In July, I was in Mexico City for Wikimania, the global Wikimedia community’s annual conference. I was there to kickstart the adaptation of Wiki Ed’s Dashboard system for use beyond our programs, and to catch up with the latest developments in Wikimedia technology ecosystem. I’ll give a quick overview of what I was up to, which involves some work to help groups adapt our tools for other projects, some interesting quality assessment tools for articles, and some news about our plagiarism detection infrastructure.
The Wiki Education Foundation’s programs focus on the United States and Canada. However, the tools we’re building could be very useful to the broader Wikimedia community.
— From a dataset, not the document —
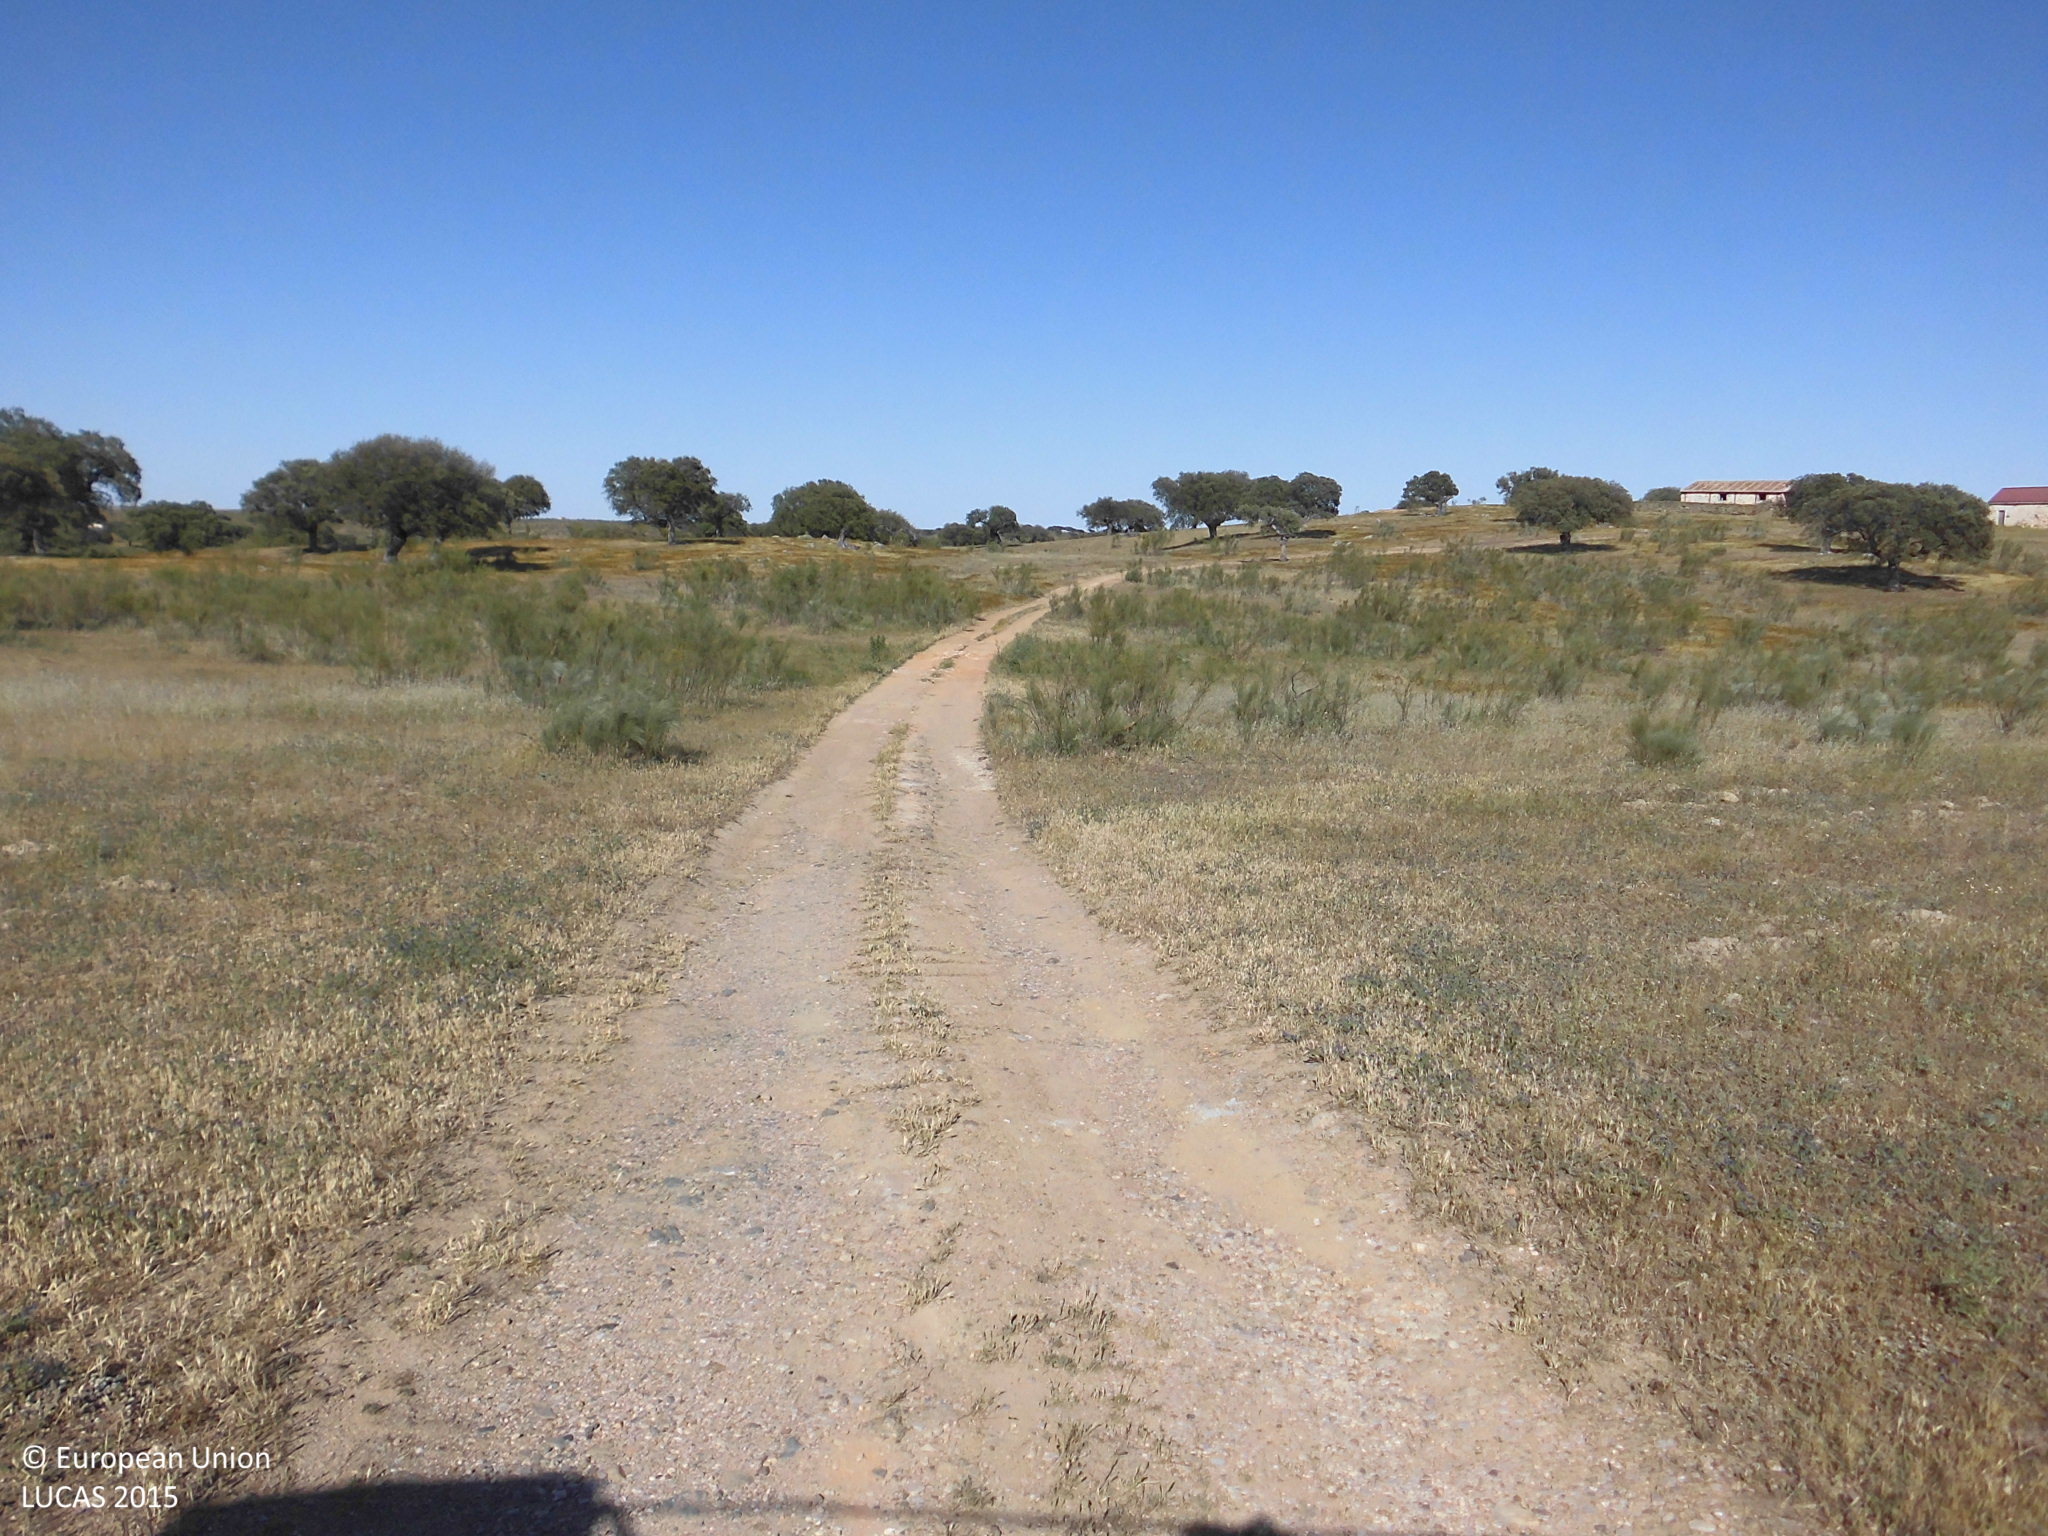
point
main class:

They could be adapted for education programs in other countries and languages, as well as other outreach projects, such as Art+Feminism.
During the Wikimania Hackathon — two days of developers collaborating on whatever projects catch their fancy — I worked with two Wikimedia Foundation software engineers, Andrew Green and Adam Wight. We took the first steps toward making dashboards available for other projects. By the end of the hackathon, we had a new version up and running at outreachdashboard.wmflabs.org, which some English Wikipedia edit-a-thons and other outreach programs plan to try out soon.
The next steps for the general community version of the dashboard will be to see how it performs for English Wikipedia projects. We’ll fix any problems that turn up, and then move toward full internationalization. The dashboard interface is already being translated at translatewiki.net. For ideal use across Wikipedia languages, though, we need to update the dashboard’s core to track languages and handle data from multiple language versions of Wikipedia at once. (If you’re interested in hacking on it, and you know some Ruby on Rails, get in touch!)
Another, more serendipitous bit of exploration at Wikimania was based on the “revision scoring as a service” project. Wikimedia Foundation researcher Aaron Halfaker and several collaborators have been developing artificial intelligence techniques to evaluate Wikipedia revisions and diffs. Those AI’s make predictions about whether changes will be reverted, and what rating an article would have on the “Wikipedia 1.0” quality scale. I applied the rating predictions to articles in some of Wiki Ed’s courses from recent terms. I converted the predictions into a numerical score, and charted the change in quality from the beginning of the course to the end. We came up with some really interesting results. Here’s the revision scoring model estimates for the quality of “Antitheatrical prejudice”, a student editor’s project from a fall 2014 theater history course:
The chart tells an interesting story. In the first revisions, the student created a short stub — just a single sentence. Then, in one big edit, it was expanded to a full article. The next significant change in the quality estimate is a drop. What happened there? As it turns out, the images in that initial version were deleted, resulting a big hit to estimated quality. In subsequent revisions, the student editor did a lot of copyediting, which didn’t affect the estimate very much. Eventually, the student editor found some appropriately licensed images to illustrate the article (and bumped up the quality estimate to a new high).
This kind of data could help surface major events in the evolution of an article, and to identify edits worth investigating more closely. We shouldn’t think of it in terms of article quality per se, as it doesn’t understand the meaning, or even the grammar, of the text. But as a measure of structural completeness, it seems to do a pretty good job.
Finally, I had a chance to discuss the future of our plagiarism-checking infrastructure with James Heilman and Eran Rosenthal, who have been working on the EranBot copy-and-paste detection system. The next version will involve a queryable database of checked revisions, which could be used not only by EranBot, but by other services such as the Wiki Ed Dashboard. I’ll be tackling that project in the coming months, and we’re hoping to build on the exciting work that Eran has started.
On all these fronts, I’m really excited about the collaboration that’s coming!